Multiscale NURBS curves on the sphere and ellipsoid

Highlights

• A framework for the multiscale representation of NURBS curves is presented.

• Our multiscale NURBS can exist on the surface of a sphere or an ellipsoid.

• Spherical NURBS curves can be subdivided.

• Spherical NURBS curves can be reverse subdivided and losslessly reconstructed.

Abstract

In this paper, we introduce a framework that allows NURBS subdivision curves to be defined on the sphere and ellipsoid in a multiscale manner. This is achieved via modification of a repeated invertible averaging (RIA) framework for spherical B-Spline curves, which is constructed in terms of spherical linear interpolations. By incorporating vertex weights into the interpolation parameters of individual operations, and by generalizing the linear interpolations to other manifolds, we can define multiscale NURBS on several types of surfaces. We explore an application to the multiscale representation of geospatial vector data and present an optimization method that automatically assigns NURBS vertex weights to curve vertices.

Introduction

When it comes to curve design, freeform curves such as Bezier, B-Spline, and NURBS curves are well-understood and widely utilized. NURBS curves are particularly notable; through the use of vertex weights, they feature improved control over other types of curves and the ability to represent conic sections exactly.

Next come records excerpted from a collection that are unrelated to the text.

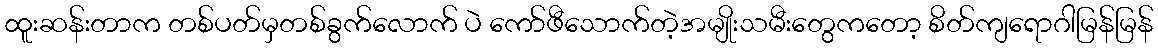
ထူးဆန်းတာက တစ်ပတ်မှတစ်ခွက်လောက် ပဲ ကော်ဖီသောက်တဲ့အမျိုးသမီးတွေကတော့ စိတ်ကျရောဂါမြန်မြန်
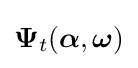
{\boldsymbol {\Psi }}_{t}({\boldsymbol {\alpha }},{\boldsymbol {\omega }})
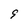
Character: 9
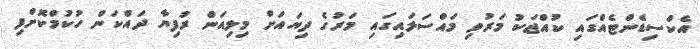
އެކްސިޑެންޓެއްގައި ކުއްޖަކު މަރުވި މައްސަލައިގައި މަރުގެ ދިޔައަށް މިލިއަން ރުފިޔާ ދައްކަން ހުކުމްކޮށްފި
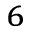
^ 6
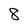
Character: 8
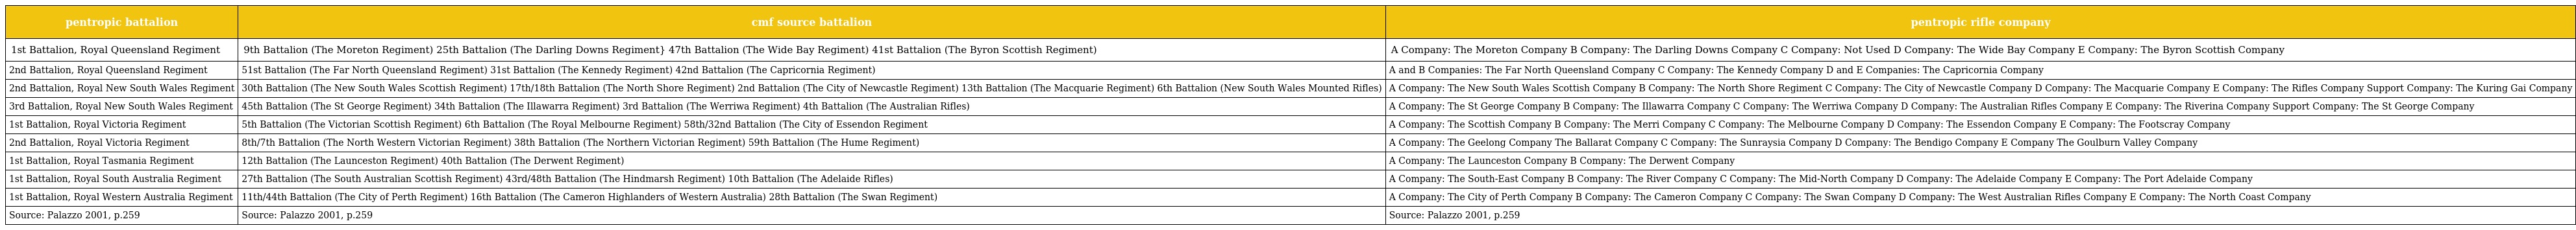
| pentropic battalion | cmf source battalion | pentropic rifle company |
 | --- | --- | --- |
 | 1st Battalion, Royal Queensland Regiment | 9th Battalion (The Moreton Regiment) 25th Battalion (The Darling Downs Regiment} 47th Battalion (The Wide Bay Regiment) 41st Battalion (The Byron Scottish Regiment) | A Company: The Moreton Company B Company: The Darling Downs Company C Company: Not Used D Company: The Wide Bay Company E Company: The Byron Scottish Company |
 | 2nd Battalion, Royal Queensland Regiment | 51st Battalion (The Far North Queensland Regiment) 31st Battalion (The Kennedy Regiment) 42nd Battalion (The Capricornia Regiment) | A and B Companies: The Far North Queensland Company C Company: The Kennedy Company D and E Companies: The Capricornia Company |
 | 2nd Battalion, Royal New South Wales Regiment | 30th Battalion (The New South Wales Scottish Regiment) 17th/18th Battalion (The North Shore Regiment) 2nd Battalion (The City of Newcastle Regiment) 13th Battalion (The Macquarie Regiment) 6th Battalion (New South Wales Mounted Rifles) | A Company: The New South Wales Scottish Company B Company: The North Shore Regiment C Company: The City of Newcastle Company D Company: The Macquarie Company E Company: The Rifles Company Support Company: The Kuring Gai Company |
 | 3rd Battalion, Royal New South Wales Regiment | 45th Battalion (The St George Regiment) 34th Battalion (The Illawarra Regiment) 3rd Battalion (The Werriwa Regiment) 4th Battalion (The Australian Rifles) | A Company: The St George Company B Company: The Illawarra Company C Company: The Werriwa Company D Company: The Australian Rifles Company E Company: The Riverina Company Support Company: The St George Company |
 | 1st Battalion, Royal Victoria Regiment | 5th Battalion (The Victorian Scottish Regiment) 6th Battalion (The Royal Melbourne Regiment) 58th/32nd Battalion (The City of Essendon Regiment | A Company: The Scottish Company B Company: The Merri Company C Company: The Melbourne Company D Company: The Essendon Company E Company: The Footscray Company |
 | 2nd Battalion, Royal Victoria Regiment | 8th/7th Battalion (The North Western Victorian Regiment) 38th Battalion (The Northern Victorian Regiment) 59th Battalion (The Hume Regiment) | A Company: The Geelong Company The Ballarat Company C Company: The Sunraysia Company D Company: The Bendigo Company E Company The Goulburn Valley Company |
 | 1st Battalion, Royal Tasmania Regiment | 12th Battalion (The Launceston Regiment) 40th Battalion (The Derwent Regiment) | A Company: The Launceston Company B Company: The Derwent Company |
 | 1st Battalion, Royal South Australia Regiment | 27th Battalion (The South Australian Scottish Regiment) 43rd/48th Battalion (The Hindmarsh Regiment) 10th Battalion (The Adelaide Rifles) | A Company: The South-East Company B Company: The River Company C Company: The Mid-North Company D Company: The Adelaide Company E Company: The Port Adelaide Company |
 | 1st Battalion, Royal Western Australia Regiment | 11th/44th Battalion (The City of Perth Regiment) 16th Battalion (The Cameron Highlanders of Western Australia) 28th Battalion (The Swan Regiment) | A Company: The City of Perth Company B Company: The Cameron Company C Company: The Swan Company D Company: The West Australian Rifles Company E Company: The North Coast Company |
 | Source: Palazzo 2001, p.259 | Source: Palazzo 2001, p.259 | Source: Palazzo 2001, p.259 |

As a result, NURBS curves have become ubiquitous in CAD/CAM as well as in numerous industry standards [1].

The popularity of each type of freeform curve has naturally inspired a variety of works that generalize these curves to other spaces. The surface of a sphere has been an especially prominent target for such generalizations, as curves on the sphere have several applications in geospatial vector representation [2], the creation of rotation splines for key-frame animation [3], and the generation of tool paths for five-axis machining [4]. The mathematical elegance of the sphere itself has additionally provided fertile ground for various artistic endeavours, such as the creation of Islamic star patterns and Persian floral patterns (see, e.g., [5], [6]).

However, many such works are unable to represent their spherical curves in a multiscale manner (for the purposes of, e.g., editing, data transmission, or level-of-detail rendering). In order to address this, the work of Alderson et al. [2] proposed a methodology by which B-Spline curves on the surface of a sphere could be represented in a multiscale manner. The method, which we refer to as repeated invertible averaging (RIA), is based on a modified version of the Lane-Riesenfeld algorithm [7] and uses a sequence of SLERP (spherical linear interpolation; see [8]) operations to perform its calculations. Via replacement of SLERP with an analogous interpolation method defined along geodesic lines (say, Interp(p, q, u)), the method can be easily generalized to other manifold surfaces.

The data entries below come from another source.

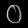
Digit: ၀
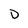
Character: D
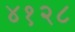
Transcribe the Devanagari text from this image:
४१२८
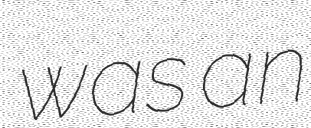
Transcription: was an
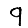
Digit: 9
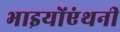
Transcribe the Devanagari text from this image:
भाइयोंएंथनी
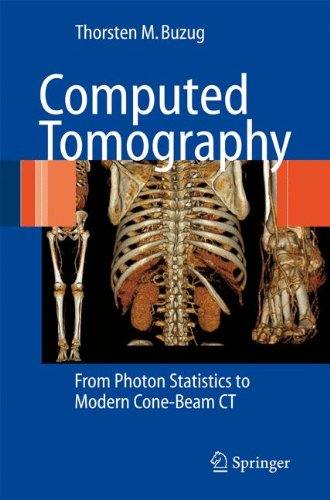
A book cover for Computed Tomography: From Photon Statistics to Modern Cone-Beam CT; Thorsten M. Buzug; Science & Math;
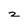
Character: 2
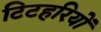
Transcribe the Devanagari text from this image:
टिटहरियों
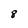
Character: 8
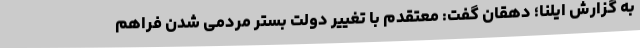
به گزارش ایلنا؛ دهقان گفت: معتقدم با تغییر دولت بستر مردمی شدن فراهم
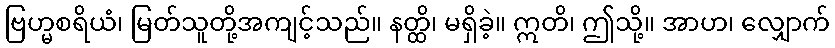
ဗြဟ္မစရိယံ၊ မြတ်သူတို့အကျင့်သည်။ နတ္ထိ၊ မရှိခဲ့။ ဣတိ၊ ဤသို့။ အာဟ၊ လျှောက်
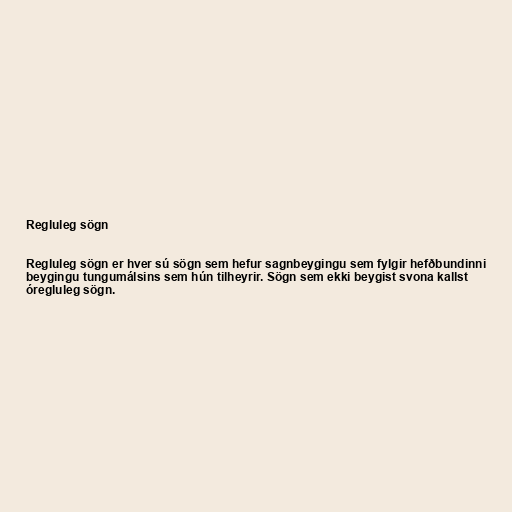
Regluleg sögn

Regluleg sögn er hver sú sögn sem hefur sagnbeygingu sem fylgir hefðbundinni
beygingu tungumálsins sem hún tilheyrir. Sögn sem ekki beygist svona kallst
óregluleg sögn.
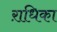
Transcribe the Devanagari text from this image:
ऱाधिका
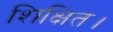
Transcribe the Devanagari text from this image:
शिक्षित।
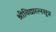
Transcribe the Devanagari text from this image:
श्रीविद्यारत्नसूत्र
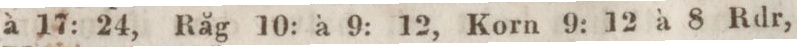
à 17: 24, Råg 10: à 9: 12, Korn 9: 12 à 8 Rdr,
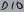
Text: D10
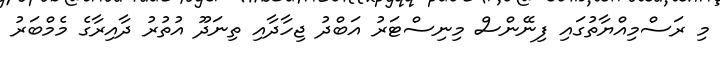
މި ރަސްމިއްޔާތުގައި ފިނޭންސް މިނިސްޓަރު އަބްދު ޖިހާދާއި ތިނަދޫ އުތުރު ދާއިރާގެ މެމްބަރު
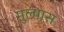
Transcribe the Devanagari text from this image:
मुल्यास
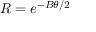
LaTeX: R = e ^ { - B \theta / 2 }
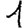
Digit: 1
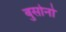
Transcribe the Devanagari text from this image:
बुसोनो

In order to bring the same freedom of representation to spherical NURBS curves, we introduce a modification to RIA that allows it to represent NURBS curves at multiple scales on the surface of the sphere (and any other manifold supported by RIA). In essence, this modification converts the interpolation parameter u into a function of the NURBS vertex weights, based on the observed effect of the geometric interpretation of NURBS curves (see [1]) on individual interpolation operations. We demonstrate use of the modified framework in the creation of subdivided and reverse subdivided spherical NURBS curves, and explore an application of this framework to representing geospatial vector data. We additionally utilize an implementation of the algorithms described in [9] to create multiscale NURBS curves on ellipsoids of revolution.

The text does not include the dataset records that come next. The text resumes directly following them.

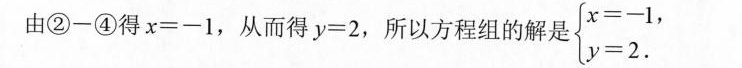
由②-④得$$x=-1$$，从而得 $$y = 2$$，所以方程组的解是 $$x = - 1$$$$y = 2$$.
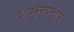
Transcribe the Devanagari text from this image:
हिचकूंगाइस्लाम
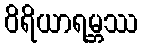
ဝိရိယာရမ္ဘဿ
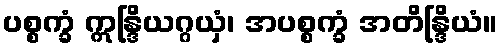
ပစ္စက္ခံ ဣန္ဒြိယဂ္ဂယှံ၊ အပစ္စက္ခံ အတိန္ဒြိယံ။
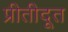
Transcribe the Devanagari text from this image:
प्रीतीदूत
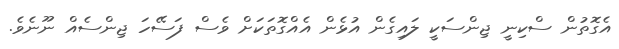
އެގޮތުން ސްކިނީ ޖިންސަކީ ލައިގެން އުޅެން އެއްގޮތަކަށް ވެސް ފަސޭހަ ޖިންސެއް ނޫނެވެ.
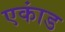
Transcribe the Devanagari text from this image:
एकांड
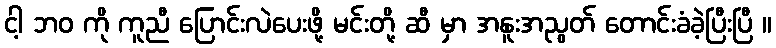
ငါ့ ဘဝ ကို ကူညီ ပြောင်းလဲပေးဖို့ မင်းတို့ ဆီ မှာ အနူးအညွတ် တောင်းခံခဲ့ပြီးပြီ ။
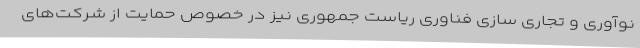
نوآوری و ‌تجاری سازی فناوری ریاست جمهوری نیز در خصوص حمایت از شرکت‌های
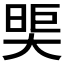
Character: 𪥖
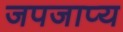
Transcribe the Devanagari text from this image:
जपजाप्य
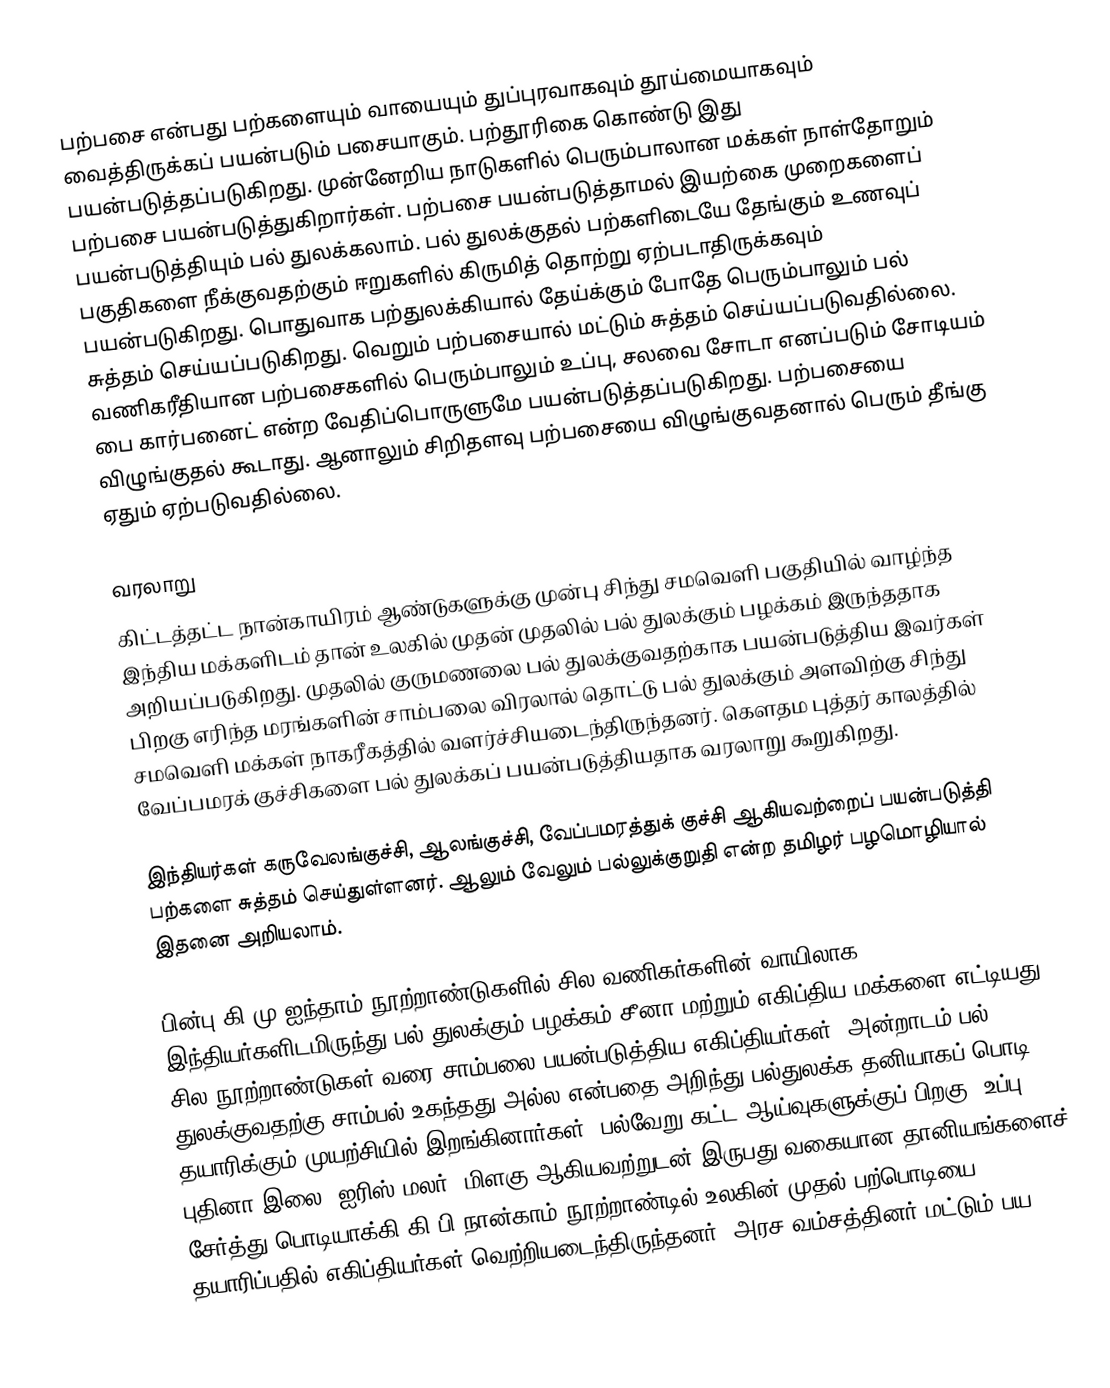
பற்பசை என்பது பற்களையும் வாயையும் துப்புரவாகவும் தூய்மையாகவும் வைத்திருக்கப் பயன்படும் பசையாகும். பற்தூரிகை கொண்டு இது பயன்படுத்தப்படுகிறது. முன்னேறிய நாடுகளில் பெரும்பாலான மக்கள் நாள்தோறும் பற்பசை பயன்படுத்துகிறார்கள். பற்பசை பயன்படுத்தாமல் இயற்கை முறைகளைப் பயன்படுத்தியும் பல் துலக்கலாம். பல் துலக்குதல் பற்களிடையே தேங்கும் உணவுப் பகுதிகளை நீக்குவதற்கும் ஈறுகளில் கிருமித் தொற்று ஏற்படாதிருக்கவும் பயன்படுகிறது. பொதுவாக பற்துலக்கியால் தேய்க்கும் போதே பெரும்பாலும் பல் சுத்தம் செய்யப்படுகிறது. வெறும் பற்பசையால் மட்டும் சுத்தம் செய்யப்படுவதில்லை. வணிகரீதியான பற்பசைகளில் பெரும்பாலும் உப்பு, சலவை சோடா எனப்படும் சோடியம் பை கார்பனைட் என்ற வேதிப்பொருளுமே பயன்படுத்தப்படுகிறது. பற்பசையை விழுங்குதல் கூடாது. ஆனாலும் சிறிதளவு பற்பசையை விழுங்குவதனால் பெரும் தீங்கு ஏதும் ஏற்படுவதில்லை.

வரலாறு
கிட்டத்தட்ட நான்காயிரம் ஆண்டுகளுக்கு முன்பு சிந்து சமவெளி பகுதியில் வாழ்ந்த இந்திய மக்களிடம் தான் உலகில் முதன் முதலில் பல் துலக்கும் பழக்கம் இருந்ததாக அறியப்படுகிறது. முதலில் குருமணலை  பல் துலக்குவதற்காக பயன்படுத்திய இவர்கள் பிறகு எரிந்த மரங்களின் சாம்பலை விரலால் தொட்டு பல் துலக்கும் அளவிற்கு சிந்து சமவெளி மக்கள் நாகரீகத்தில் வளர்ச்சியடைந்திருந்தனர். கெளதம புத்தர் காலத்தில் வேப்பமரக் குச்சிகளை பல் துலக்கப் பயன்படுத்தியதாக வரலாறு கூறுகிறது.

இந்தியர்கள் கருவேலங்குச்சி, ஆலங்குச்சி, வேப்பமரத்துக் குச்சி ஆகியவற்றைப் பயன்படுத்தி பற்களை சுத்தம் செய்துள்ளனர். ஆலும் வேலும் பல்லுக்குறுதி என்ற தமிழர் பழமொழியால் இதனை அறியலாம்.

பின்பு கி.மு ஐந்தாம் நூற்றாண்டுகளில் சில வணிகர்களின் வாயிலாக இந்தியர்களிடமிருந்து பல் துலக்கும் பழக்கம் சீனா மற்றும் எகிப்திய மக்களை எட்டியது. சில நூற்றாண்டுகள் வரை சாம்பலை பயன்படுத்திய எகிப்தியர்கள், அன்றாடம் பல் துலக்குவதற்கு சாம்பல் உகந்தது அல்ல என்பதை அறிந்து பல்துலக்க தனியாகப் பொடி தயாரிக்கும் முயற்சியில் இறங்கினார்கள். பல்வேறு கட்ட ஆய்வுகளுக்குப் பிறகு, உப்பு, புதினா இலை, ஐரிஸ் மலர், மிளகு ஆகியவற்றுடன் இருபது வகையான தானியங்களைச் சேர்த்து பொடியாக்கி கி.பி நான்காம் நூற்றாண்டில் உலகின் முதல் பற்பொடியை தயாரிப்பதில் எகிப்தியர்கள் வெற்றியடைந்திருந்தனர். அரச வம்சத்தினர் மட்டும் பய

The paper is organized as follows. In Section 2, we review a selection of related works. Sections 3 and 4, respectively, provide overviews of the RIA framework and the geometric interpretation of NURBS curves. Our modification to the framework is described in Section 5, followed by a discussion on geospatial vector representation in Section 6. Results may be found in Section 7 and conclusions in Section 8.